Como tenho lido sobre o assunto, tento fazer uma exposição positiva. Busco uma colherada de carne moída na geladeira, que havia deixado pronta para o almoço do dia seguinte, e vou oferecendo aos poquinhos a ele. A ideia é que ele possa fazer alguma associação positiva entre a carninha, que ele ama, e os trovões, que ele tem pavor.
Acabada a carne moída, a ansiedade continua atingindo patamares incríveis. Quando é quase 5h da manhã, ainda chove torrencialmente mas os raios são esparsos. Estou moída, depois de lidar com ele a noite toda, bafejando no meu rosto como quem implora por alguma solução.
Se eu pudesse controlar a trovoada lá fora, com certeza o faria, querido. Desistimos da cama, e vamos para o sofá. Ele se aboleta junto de mim no sofá que é pequeno para eu dormir deitada, mas o dia está chegando e o pior já passou.
Acordo um pouco pregada, porém vencemos mais uma etapa. Estou feliz de ver como ele estava um pouco melhor diante de uma tempestade tão forte.
Quando Waffles chegou, na nossa primeira noite, ele ficou dessa mesma forma, apavorado. Eu não sabia ainda do que se tratava, mas ele teve uma crise de ansiedade, provavelmente por ter saído do lar temporário e agora estar morando em outro lugar. Levamos alguns dias para vê-lo ficar mais tranquilo e aprender a passear. Ele não sabia andar na coleira, e aprendeu em cerca de dois dias.
Até hoje, ele não gosta de ser pego no colo, nem de muita proximidade física. Respeitamos isso ao máximo, mas ficamos felizes quando ele passou a tolerar estar na nossa cama, nos meses mais frios de inverno. De início, nem isso era muito confortável para ele, mas ficávamos com dó de ver como ele amanhecia gelado, dormindo no chão, mesmo tendo a caminha toda forrada.
Descobrimos em algum ponto da jornada que ele é um viciado em meias usadas. De vez em quando, rouba um pé de meia e leva para sua caminha, onde pode mordiscar sem jamais danificar o tecido. Também já dei flagrante nas pontas das minhas canetas marca-texto, e no cabo do carregador do notebook – sendo que esse eu salvei de um dano maior. Tem algumas páginas de livros que ele também deixou marcas de dentinhos, sempre muito devagar. Ele não tem muitos dos dentinhos na boca.

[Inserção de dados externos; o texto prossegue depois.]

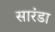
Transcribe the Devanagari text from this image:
सारंडा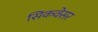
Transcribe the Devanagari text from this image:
सिकवेसर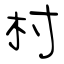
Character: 村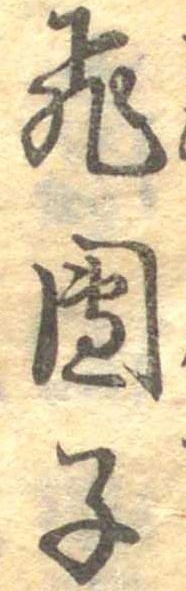
飛団子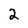
Character: 2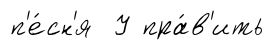
п'е́сн'я У пра́в'ить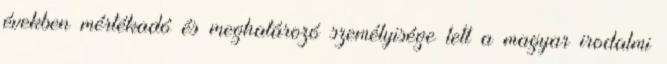
években mértékadó és meghatározó személyisége lett a magyar irodalmi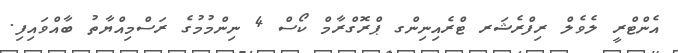
އެންޓްރީ ލެވެލް ރިފްރެޝަރ ޓްރެއިނިންގ ޕްރޮގްރާމް ކޯސް 4 ނިންމުމުގެ ރަސްމިއްޔާތު ބާއްވައިފި.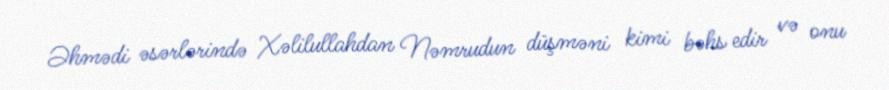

Toda a nossa rotina doméstica e familiar orbita ao redor das necessidades de Waffles, que são tão poucas. Ração duas vezes ao dia, sempre enriquecida com alguma proteína animal que torne a comidinha mais apetitosa. Passeio de manhã e à tarde, o colírio que ele toma desde que chegou para os olhos secos, pensar se está muito frio, se precisamos colocar roupinha nele, ajeitar a minha almofada de meditação onde ele fica, aos nossos pés sob a mesa da sala, enquanto estudamos no computador.
Ele é tão simples, tão maravilhosamente simples, exige tão pouco de nós. Chora um chorinho curto e de três notas, quando encontra uma porta fechada. Quer sair para me levar ao trabalho, todos os dias antes de almoçar. Se tem vontade de comer ou passear, começa a nos lamber freneticamente, agitando-nos, correndo para cá e para lá. Se está muito apertado e é madrugada, chora para que possa ir ao banheiro lá fora.
Waffles adoçou a nossa existência e torna cada novo dia um cumprimento alegre que lhe direcionamos. Me sinto como alguém que ganhou duas vezes na loteria, pois assim como Bibi, ele veio pronto e perfeito, assim como é. Mansinho, silencioso e inocente. A pureza dos seus olhinhos cor de caramelo claro, de pestanas imensas, me comove e torna tudo mais belo no mundo.